Task objective.
Print every line of the data exactly as shown.

Source information.

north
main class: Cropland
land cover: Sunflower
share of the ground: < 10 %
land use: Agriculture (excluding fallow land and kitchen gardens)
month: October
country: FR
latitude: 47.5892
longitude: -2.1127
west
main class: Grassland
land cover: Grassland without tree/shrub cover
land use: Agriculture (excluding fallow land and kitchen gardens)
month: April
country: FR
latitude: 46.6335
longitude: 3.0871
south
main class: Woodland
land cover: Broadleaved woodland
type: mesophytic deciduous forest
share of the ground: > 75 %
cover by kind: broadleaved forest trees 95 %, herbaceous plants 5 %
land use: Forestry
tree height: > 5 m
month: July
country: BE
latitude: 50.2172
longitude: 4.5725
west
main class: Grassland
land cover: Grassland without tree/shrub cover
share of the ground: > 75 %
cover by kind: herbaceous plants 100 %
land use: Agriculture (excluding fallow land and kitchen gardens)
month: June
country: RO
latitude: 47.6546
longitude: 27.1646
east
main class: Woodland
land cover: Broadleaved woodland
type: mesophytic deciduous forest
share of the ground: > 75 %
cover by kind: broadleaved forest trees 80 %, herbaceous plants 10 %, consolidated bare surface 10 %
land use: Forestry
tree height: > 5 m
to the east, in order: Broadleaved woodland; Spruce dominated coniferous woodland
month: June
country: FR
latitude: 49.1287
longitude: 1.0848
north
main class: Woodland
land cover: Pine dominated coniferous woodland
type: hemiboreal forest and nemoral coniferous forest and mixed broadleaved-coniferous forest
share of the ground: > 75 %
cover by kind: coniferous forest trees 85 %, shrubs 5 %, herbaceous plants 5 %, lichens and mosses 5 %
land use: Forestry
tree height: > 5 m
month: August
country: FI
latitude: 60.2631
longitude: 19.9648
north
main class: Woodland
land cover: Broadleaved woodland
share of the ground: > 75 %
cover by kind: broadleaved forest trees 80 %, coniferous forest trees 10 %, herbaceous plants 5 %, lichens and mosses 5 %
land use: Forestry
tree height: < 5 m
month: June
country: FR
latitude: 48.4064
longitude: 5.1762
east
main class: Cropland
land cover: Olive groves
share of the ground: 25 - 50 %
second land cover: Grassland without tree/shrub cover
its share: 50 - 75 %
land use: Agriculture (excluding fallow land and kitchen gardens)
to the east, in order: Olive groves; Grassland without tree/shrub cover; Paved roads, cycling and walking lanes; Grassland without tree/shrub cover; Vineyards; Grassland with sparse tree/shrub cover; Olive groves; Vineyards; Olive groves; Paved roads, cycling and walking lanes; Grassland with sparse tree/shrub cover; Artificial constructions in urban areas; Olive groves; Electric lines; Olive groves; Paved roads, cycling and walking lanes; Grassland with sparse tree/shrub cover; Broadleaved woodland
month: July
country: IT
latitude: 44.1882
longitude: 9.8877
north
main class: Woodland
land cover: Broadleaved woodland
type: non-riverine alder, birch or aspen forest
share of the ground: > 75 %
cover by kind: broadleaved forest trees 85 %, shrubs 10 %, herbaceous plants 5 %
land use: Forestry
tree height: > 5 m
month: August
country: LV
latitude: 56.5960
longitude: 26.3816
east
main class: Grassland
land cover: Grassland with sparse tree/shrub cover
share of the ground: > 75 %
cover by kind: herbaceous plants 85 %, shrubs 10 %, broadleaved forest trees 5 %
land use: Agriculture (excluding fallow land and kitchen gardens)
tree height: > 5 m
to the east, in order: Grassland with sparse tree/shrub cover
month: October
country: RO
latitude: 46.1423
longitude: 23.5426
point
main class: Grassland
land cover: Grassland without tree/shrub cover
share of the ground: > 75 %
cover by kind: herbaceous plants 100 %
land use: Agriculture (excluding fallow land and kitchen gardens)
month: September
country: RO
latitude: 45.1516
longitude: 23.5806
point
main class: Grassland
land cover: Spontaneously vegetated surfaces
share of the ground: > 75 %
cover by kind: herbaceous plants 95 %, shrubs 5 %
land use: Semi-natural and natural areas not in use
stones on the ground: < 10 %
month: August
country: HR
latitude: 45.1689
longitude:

Written solution.
north
main class: Cropland
land cover: Sunflower
share of the ground: < 10 %
land use: Agriculture (excluding fallow land and kitchen gardens)
month: October
country: FR
latitude: 47.5892
longitude: -2.1127
west
main class: Grassland
land cover: Grassland without tree/shrub cover
land use: Agriculture (excluding fallow land and kitchen gardens)
month: April
country: FR
latitude: 46.6335
longitude: 3.0871
south
main class: Woodland
land cover: Broadleaved woodland
type: mesophytic deciduous forest
share of the ground: > 75 %
cover by kind: broadleaved forest trees 95 %, herbaceous plants 5 %
land use: Forestry
tree height: > 5 m
month: July
country: BE
latitude: 50.2172
longitude: 4.5725
west
main class: Grassland
land cover: Grassland without tree/shrub cover
share of the ground: > 75 %
cover by kind: herbaceous plants 100 %
land use: Agriculture (excluding fallow land and kitchen gardens)
month: June
country: RO
latitude: 47.6546
longitude: 27.1646
east
main class: Woodland
land cover: Broadleaved woodland
type: mesophytic deciduous forest
share of the ground: > 75 %
cover by kind: broadleaved forest trees 80 %, herbaceous plants 10 %, consolidated bare surface 10 %
land use: Forestry
tree height: > 5 m
to the east, in order: Broadleaved woodland; Spruce dominated coniferous woodland
month: June
country: FR
latitude: 49.1287
longitude: 1.0848
north
main class: Woodland
land cover: Pine dominated coniferous woodland
type: hemiboreal forest and nemoral coniferous forest and mixed broadleaved-coniferous forest
share of the ground: > 75 %
cover by kind: coniferous forest trees 85 %, shrubs 5 %, herbaceous plants 5 %, lichens and mosses 5 %
land use: Forestry
tree height: > 5 m
month: August
country: FI
latitude: 60.2631
longitude: 19.9648
north
main class: Woodland
land cover: Broadleaved woodland
share of the ground: > 75 %
cover by kind: broadleaved forest trees 80 %, coniferous forest trees 10 %, herbaceous plants 5 %, lichens and mosses 5 %
land use: Forestry
tree height: < 5 m
month: June
country: FR
latitude: 48.4064
longitude: 5.1762
east
main class: Cropland
land cover: Olive groves
share of the ground: 25 - 50 %
second land cover: Grassland without tree/shrub cover
its share: 50 - 75 %
land use: Agriculture (excluding fallow land and kitchen gardens)
to the east, in order: Olive groves; Grassland without tree/shrub cover; Paved roads, cycling and walking lanes; Grassland without tree/shrub cover; Vineyards; Grassland with sparse tree/shrub cover; Olive groves; Vineyards; Olive groves; Paved roads, cycling and walking lanes; Grassland with sparse tree/shrub cover; Artificial constructions in urban areas; Olive groves; Electric lines; Olive groves; Paved roads, cycling and walking lanes; Grassland with sparse tree/shrub cover; Broadleaved woodland
month: July
country: IT
latitude: 44.1882
longitude: 9.8877
north
main class: Woodland
land cover: Broadleaved woodland
type: non-riverine alder, birch or aspen forest
share of the ground: > 75 %
cover by kind: broadleaved forest trees 85 %, shrubs 10 %, herbaceous plants 5 %
land use: Forestry
tree height: > 5 m
month: August
country: LV
latitude: 56.5960
longitude: 26.3816
east
main class: Grassland
land cover: Grassland with sparse tree/shrub cover
share of the ground: > 75 %
cover by kind: herbaceous plants 85 %, shrubs 10 %, broadleaved forest trees 5 %
land use: Agriculture (excluding fallow land and kitchen gardens)
tree height: > 5 m
to the east, in order: Grassland with sparse tree/shrub cover
month: October
country: RO
latitude: 46.1423
longitude: 23.5426
point
main class: Grassland
land cover: Grassland without tree/shrub cover
share of the ground: > 75 %
cover by kind: herbaceous plants 100 %
land use: Agriculture (excluding fallow land and kitchen gardens)
month: September
country: RO
latitude: 45.1516
longitude: 23.5806
point
main class: Grassland
land cover: Spontaneously vegetated surfaces
share of the ground: > 75 %
cover by kind: herbaceous plants 95 %, shrubs 5 %
land use: Semi-natural and natural areas not in use
stones on the ground: < 10 %
month: August
country: HR
latitude: 45.1689
longitude:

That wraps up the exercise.